If you are the author of the complete GPL_APP, then it will basically be allowed because you can always choose to attach the permission if you desire. If you are not the author of all of the GPL_APP code, then you seem to have two possible options to overcome this: (a) You need to get permission from the contributors to GPL_APP to add such a permission to the license. (b) You need to develop and distribute your own Operating System under which your library qualifies as a "system library" according to the GPL.

  1. Write a library (let's call it TREEVIEW_LIB) that is a subclass of QTreeView, and release that library as closed source.

Qt is available as LGPL and under a commercial license. If you use the LGPL version of Qt, then your library will be considered as a modification or derivative work of Qt, so you will need to release the TREEVIEW_LIB source code to comply with the LGPL. If you get a suitable Commercial license from the Qt company, and their Commercial license allows it, then in principle you could release TREEVIEW_LIB without releasing the source code. Essentially your TREEVIEW_LIB would be seen as a modified version of Qt. Note that whether releasing TREEVIEW_LIB would actually comply with the Qt Company's commercial license agreement is a closed source licensing question that you would have to discuss with the Qt Company.

  1. "I know in first place that users will combine [GPL_APP and TREEVIEW_LIB]."

If you do choose to release TREEVIEW_LIB as closed source (e.g. by purchasing a suitable commercial license from Qt, or by releasing closed source code derived from an LGPL version and possibly violating the LGPL outright), then the situation will be that users will be allowed to combine them on their own machine by running GPL_APP with your TREEVIEW_LIB library (See GPLv2 Term 0), but the combination itself that is installed on their machine will no longer be GPL. I.e. a user combining your TREEVIEW_LIB library with a GPL program will "taint" the GPL program and so the user will no longer be allowed to redistribute that combination according to the GPL (See GPLv2 Term 1).

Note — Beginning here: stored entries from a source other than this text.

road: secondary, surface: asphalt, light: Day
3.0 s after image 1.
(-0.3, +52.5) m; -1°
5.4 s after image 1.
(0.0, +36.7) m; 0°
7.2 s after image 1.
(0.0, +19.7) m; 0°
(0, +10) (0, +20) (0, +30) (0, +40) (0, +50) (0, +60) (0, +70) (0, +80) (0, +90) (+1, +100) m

Note that this opinion seems to be at odds with the GPL FAQ "If I write a plug-in to use with a GPL-covered program, what requirements does that impose on the licenses I can use for distributing my plug-in?" (https://www.gnu.org/licenses/gpl-faq.en.html#GPLAndPlugins):

If the main program and the plugins are a single combined program then this means you must license the plug-in under the GPL or a GPL-compatible free software license and distribute it with source code in a GPL-compliant way.

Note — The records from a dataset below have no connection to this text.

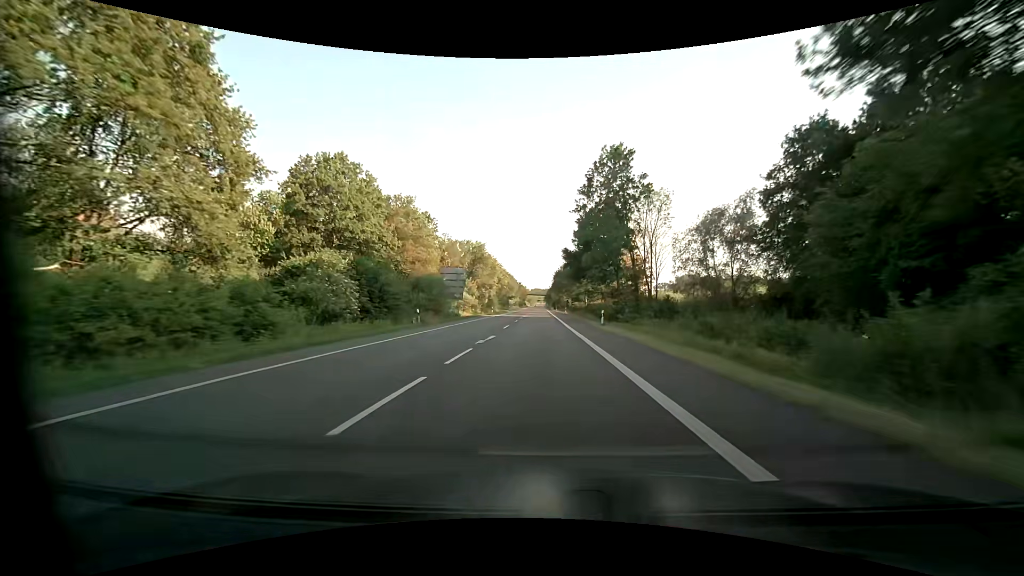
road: primary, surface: asphalt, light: Day
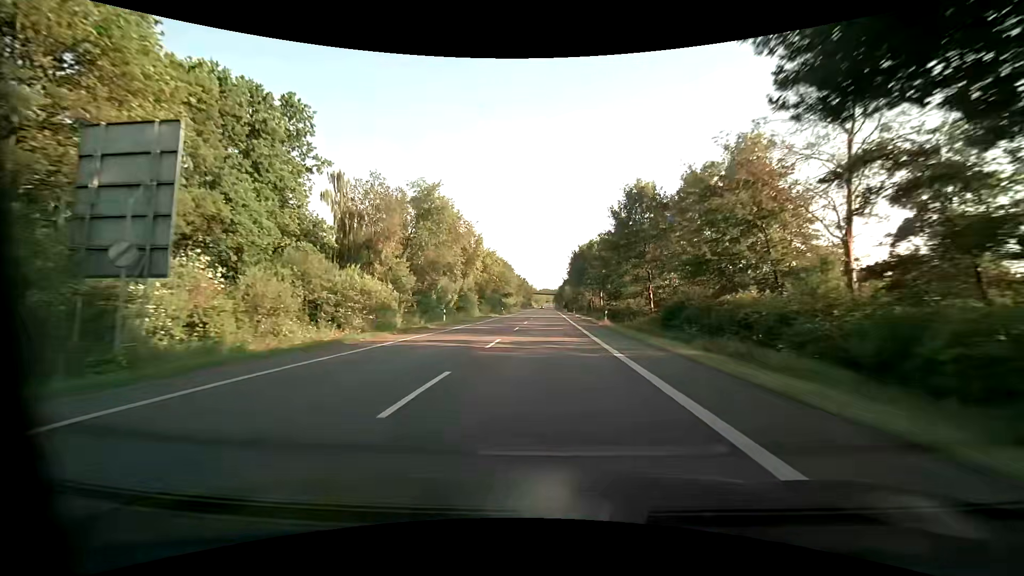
(-0.4, +45.8) m; -1°
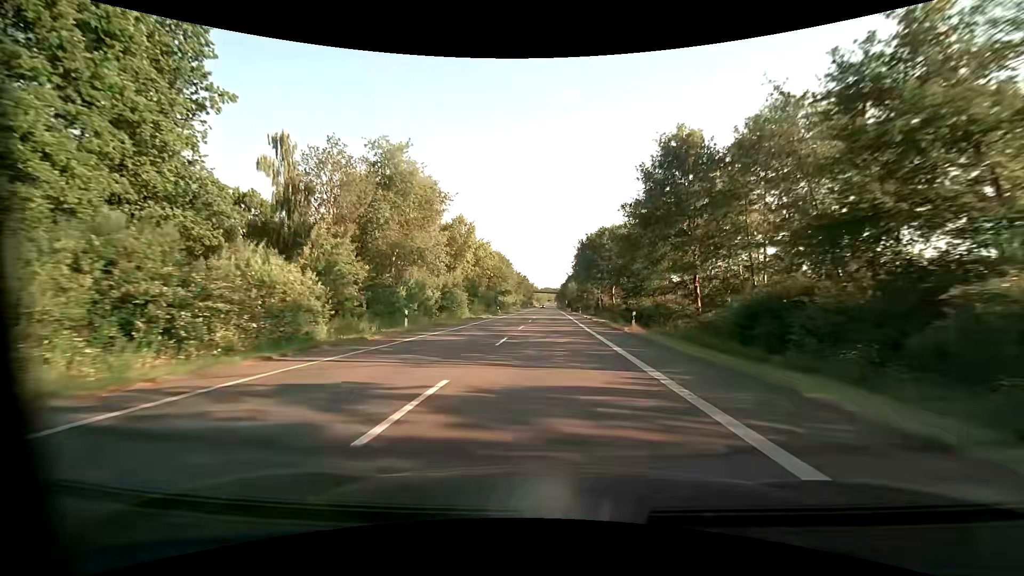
(-0.1, +11.2) m; -1°
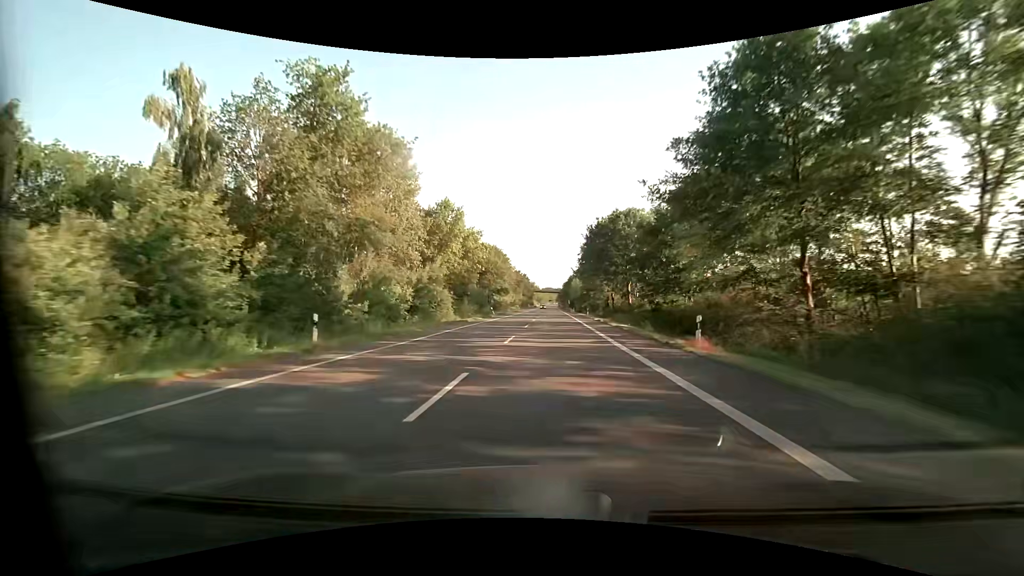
(0.0, +11.1) m; 0°
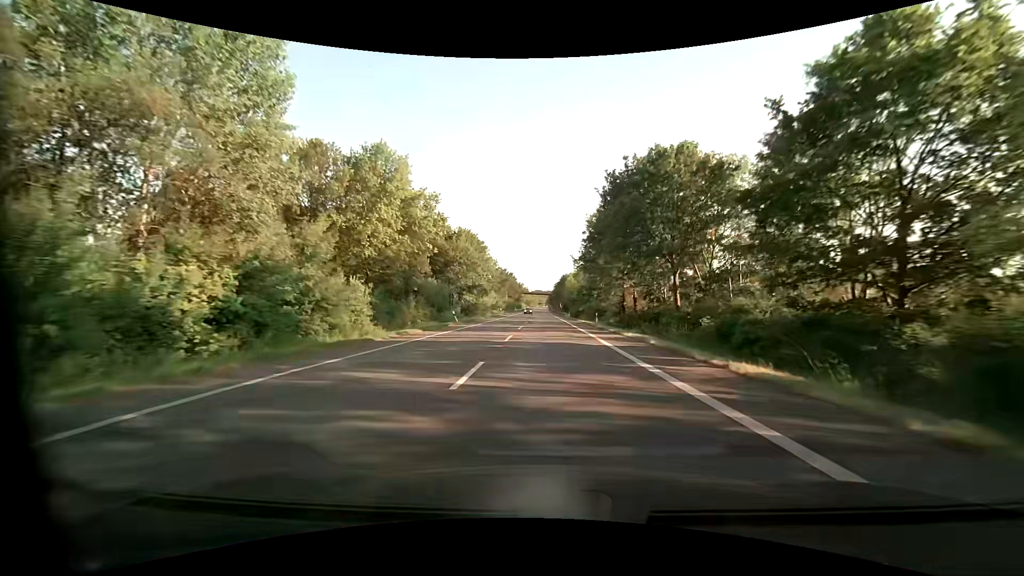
(+0.1, +21.9) m; +1°
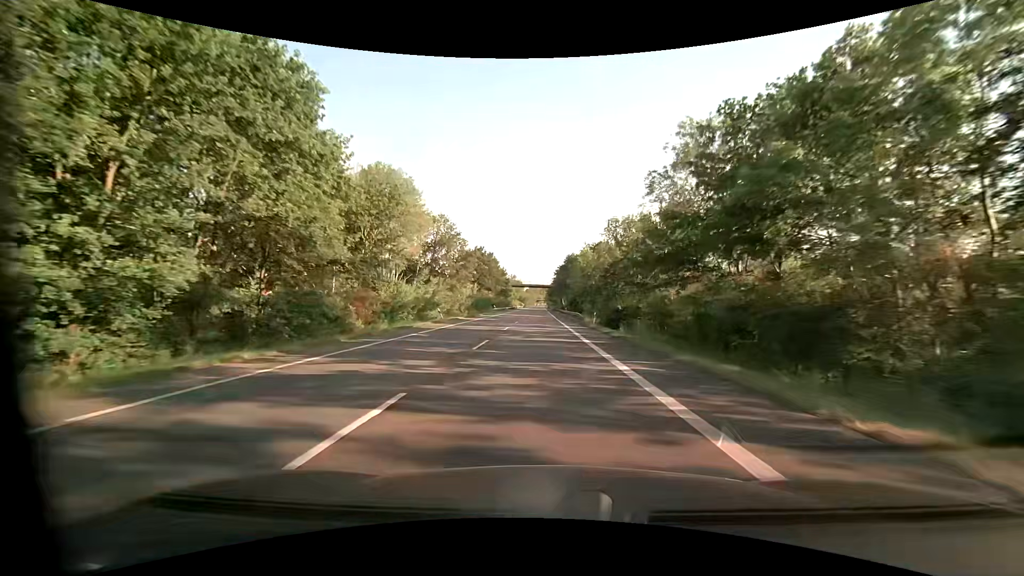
(+0.5, +52.9) m; 0°
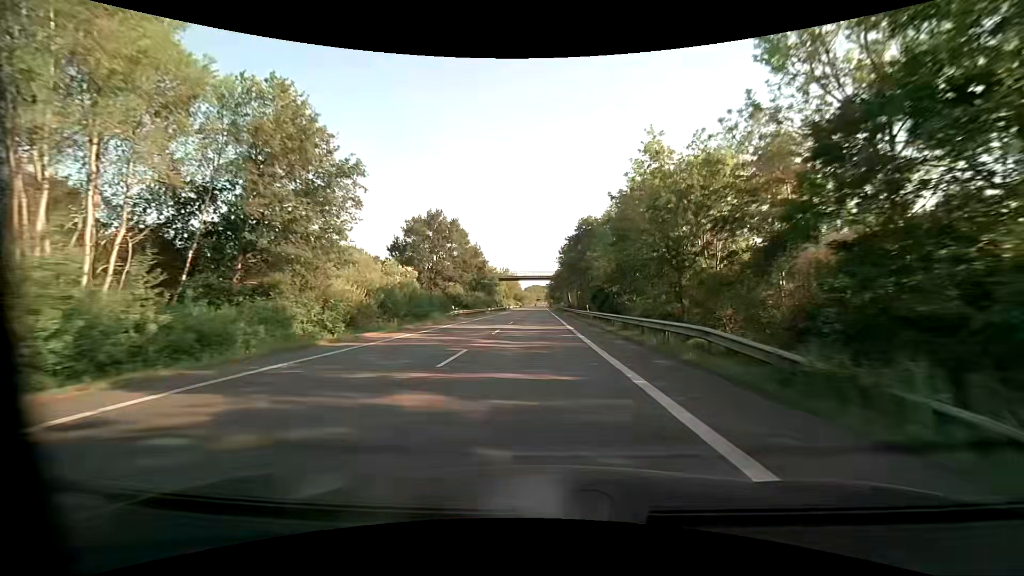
(+0.1, +41.2) m; +1°
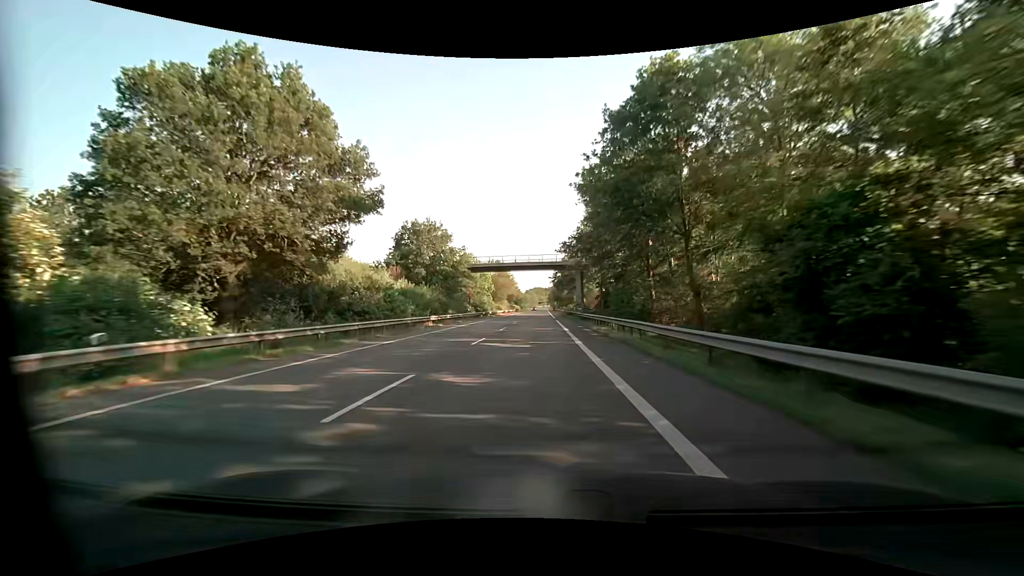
(-0.1, +41.2) m; -1°
(0, +10) (0, +20) (0, +30) (0, +40) (0, +50) (0, +60) (0, +70) (0, +80) (0, +90) (0, +100) m

According to the GPL FAQ, the above quotation seems to mean that you must license TREEVIEW_LIB in a GPL-compatible way, because of the technical way that a library will combine with another program while running ('dynamic linking' as opposed to 'fork and exec'). However, this Answer in the FAQ is an opinion and should not be seen as the final arbiter of what you are allowed to do. Your actual permissions under law and the licenses are determined by relevant Copyright Law and the license(s) of the software you are actually distributing (e.g. TREEVIEW_LIB).

If you distribute TREEVIEW_LIB only, and if that TREEVIEW_LIB distribution does not include any LGPL licensed code (e.g. because you used the commercial version of Qt instead of the LGPL version), then the GPL cannot pose any requirements on how your distribute TREEVIEW_LIB, since that software does not include anyone's ((L)GPL) licensed code. The Free Software Foundation may disapprove, and the decision arguably violates the 'spirit' of the GPL, but in the end, only the copyright holders of the software that you are deriving from (e.g. Qt) can legally complain about how you distribute their software.

  • Having a business risk that is mitigated by an assumption that the official website for GPL has an FAQ that has opinions not guidelines is a recipe for failure. But as always in such cases I am not a lawyer and YMMV.
    – PsiX
    Jan 29, 2019 at 14:51
  • @PsiX You're right, you should not make business risks based on this. In fact it sounds quite suspect. All I mean is that when you agree to (say) the GPL, you are only agreeing to what is in the GPL. You aren't required to agree with what the GPL FAQ says in order to accept the GPL. And if you aren't distributing GPL software, you aren't required to accept the GPL at all.